Dataset records Block Start
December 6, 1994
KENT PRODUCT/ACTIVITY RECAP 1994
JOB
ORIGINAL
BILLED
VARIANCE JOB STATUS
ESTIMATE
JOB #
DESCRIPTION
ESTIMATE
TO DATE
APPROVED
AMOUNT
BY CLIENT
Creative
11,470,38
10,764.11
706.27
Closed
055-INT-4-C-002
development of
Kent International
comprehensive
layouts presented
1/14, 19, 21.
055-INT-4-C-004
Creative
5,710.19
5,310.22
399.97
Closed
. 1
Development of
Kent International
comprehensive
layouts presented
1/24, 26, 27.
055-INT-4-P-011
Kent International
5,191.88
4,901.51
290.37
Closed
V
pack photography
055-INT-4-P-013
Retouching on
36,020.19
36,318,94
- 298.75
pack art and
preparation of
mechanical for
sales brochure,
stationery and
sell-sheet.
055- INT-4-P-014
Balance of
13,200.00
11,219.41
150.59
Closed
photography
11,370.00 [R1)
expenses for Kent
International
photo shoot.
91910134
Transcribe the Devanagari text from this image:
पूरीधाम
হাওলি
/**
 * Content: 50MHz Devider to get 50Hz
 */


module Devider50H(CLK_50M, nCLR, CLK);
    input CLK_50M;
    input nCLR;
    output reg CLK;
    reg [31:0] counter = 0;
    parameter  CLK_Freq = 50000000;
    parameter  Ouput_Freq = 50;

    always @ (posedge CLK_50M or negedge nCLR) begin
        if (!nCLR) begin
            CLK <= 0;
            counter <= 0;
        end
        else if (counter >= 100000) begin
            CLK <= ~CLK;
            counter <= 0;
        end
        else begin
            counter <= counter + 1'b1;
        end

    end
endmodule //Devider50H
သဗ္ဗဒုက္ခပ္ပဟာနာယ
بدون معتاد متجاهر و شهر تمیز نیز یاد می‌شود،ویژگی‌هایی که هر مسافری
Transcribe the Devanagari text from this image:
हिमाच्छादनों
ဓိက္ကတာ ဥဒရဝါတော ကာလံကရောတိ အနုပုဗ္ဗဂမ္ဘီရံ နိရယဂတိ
Dataset records Block End
What the task asks -> Transcribe each line of the data exactly, skipping none.

Written answer ->
December 6, 1994
KENT PRODUCT/ACTIVITY RECAP 1994
JOB
ORIGINAL
BILLED
VARIANCE JOB STATUS
ESTIMATE
JOB #
DESCRIPTION
ESTIMATE
TO DATE
APPROVED
AMOUNT
BY CLIENT
Creative
11,470,38
10,764.11
706.27
Closed
055-INT-4-C-002
development of
Kent International
comprehensive
layouts presented
1/14, 19, 21.
055-INT-4-C-004
Creative
5,710.19
5,310.22
399.97
Closed
. 1
Development of
Kent International
comprehensive
layouts presented
1/24, 26, 27.
055-INT-4-P-011
Kent International
5,191.88
4,901.51
290.37
Closed
V
pack photography
055-INT-4-P-013
Retouching on
36,020.19
36,318,94
- 298.75
pack art and
preparation of
mechanical for
sales brochure,
stationery and
sell-sheet.
055- INT-4-P-014
Balance of
13,200.00
11,219.41
150.59
Closed
photography
11,370.00 [R1)
expenses for Kent
International
photo shoot.
91910134
Transcribe the Devanagari text from this image:
पूरीधाम
হাওলি
/**
 * Content: 50MHz Devider to get 50Hz
 */


module Devider50H(CLK_50M, nCLR, CLK);
    input CLK_50M;
    input nCLR;
    output reg CLK;
    reg [31:0] counter = 0;
    parameter  CLK_Freq = 50000000;
    parameter  Ouput_Freq = 50;

    always @ (posedge CLK_50M or negedge nCLR) begin
        if (!nCLR) begin
            CLK <= 0;
            counter <= 0;
        end
        else if (counter >= 100000) begin
            CLK <= ~CLK;
            counter <= 0;
        end
        else begin
            counter <= counter + 1'b1;
        end

    end
endmodule //Devider50H
သဗ္ဗဒုက္ခပ္ပဟာနာယ
بدون معتاد متجاهر و شهر تمیز نیز یاد می‌شود،ویژگی‌هایی که هر مسافری
Transcribe the Devanagari text from this image:
हिमाच्छादनों
ဓိက္ကတာ ဥဒရဝါတော ကာလံကရောတိ အနုပုဗ္ဗဂမ္ဘီရံ နိရယဂတိ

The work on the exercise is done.